Greece has scraped barely enough enough to repay bondholders this month but will run out of cash anytime soon, raising the possibility of a sovereign default in May.
A senior Greek official said a 458 million euro (US$496 million) loan instalment owed to the International Monetary Fund will be paid on April 9 as scheduled, along with another 420 million euros due to international investors when a six-month treasury bill expires on April 14.
“We will meet international obligations without any problem but it will be a squeeze to raise cash for domestic payments in the second half [of the month],” the official said.

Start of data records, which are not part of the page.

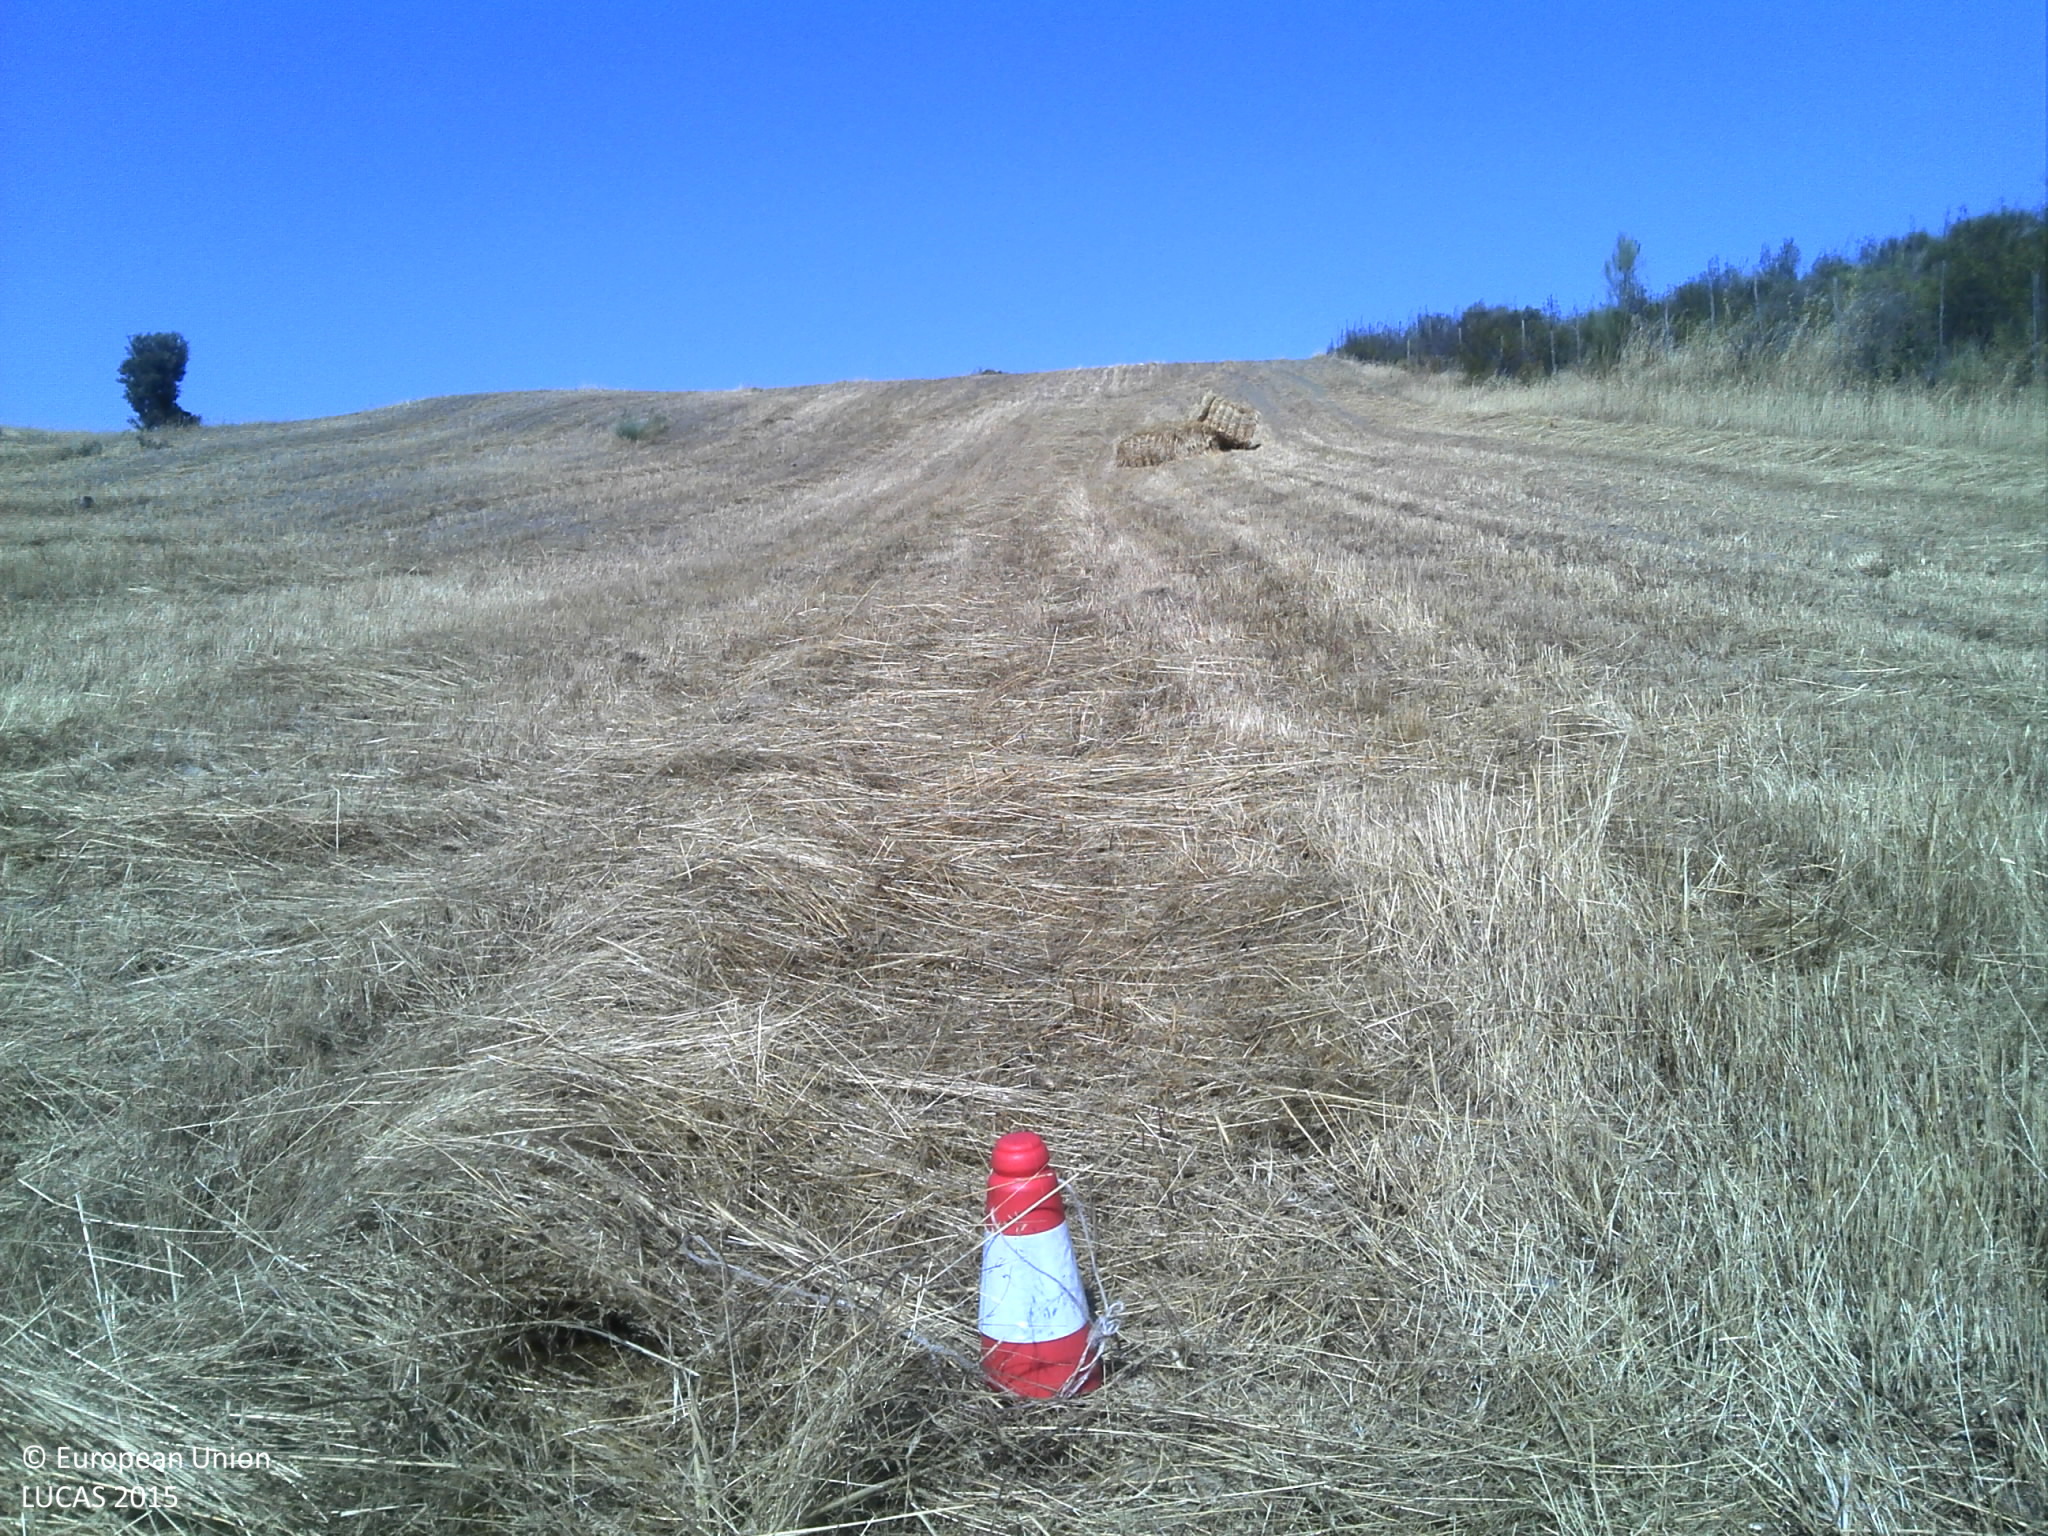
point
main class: Cropland
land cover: Temporary grasslands
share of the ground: 25 - 50 %
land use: Agriculture (excluding fallow land and kitchen gardens)
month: June
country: PT
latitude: 39.9970
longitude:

“Next month is a different matter. We are going to run out of money unless reforms are legislated to make some bailout funds available,” he said.
Greece has to make two further payments to the IMF in May amounting to 950 million euros on top of 2.4 billion euros pension and salary payments.
But Athens cannot raise financing by selling more treasury bills to Greek banks after a ban by the European Central Bank on increasing their exposure to the government, while foreign investors have been scared off by the country’s increased political risk.
The radical anti-austerity government has been unable to reach an agreement with the EU and IMF that would unlock 7.2 billion euros in European funding because of foot-dragging by its economic team over reforms that would contradict Syriza’s election promises not to raise taxes or back further privatisations.
Finance ministry experts are scrambling to wrap up technical talks this week with officials from the European Commission, the IMF and the ECB with the aim of reaching a deal with eurozone finance ministers in Riga on April 24.
“Our proposals are a work in progress but they’re advancing,” said a government official.
Dimitris Mardas, deputy finance minister, tried to calm concerns that pension and salary payments amounting to 1.4 billion euros at the end of the month may be delayed, saying, the government “will make these payments on the due dates following the normal practice”.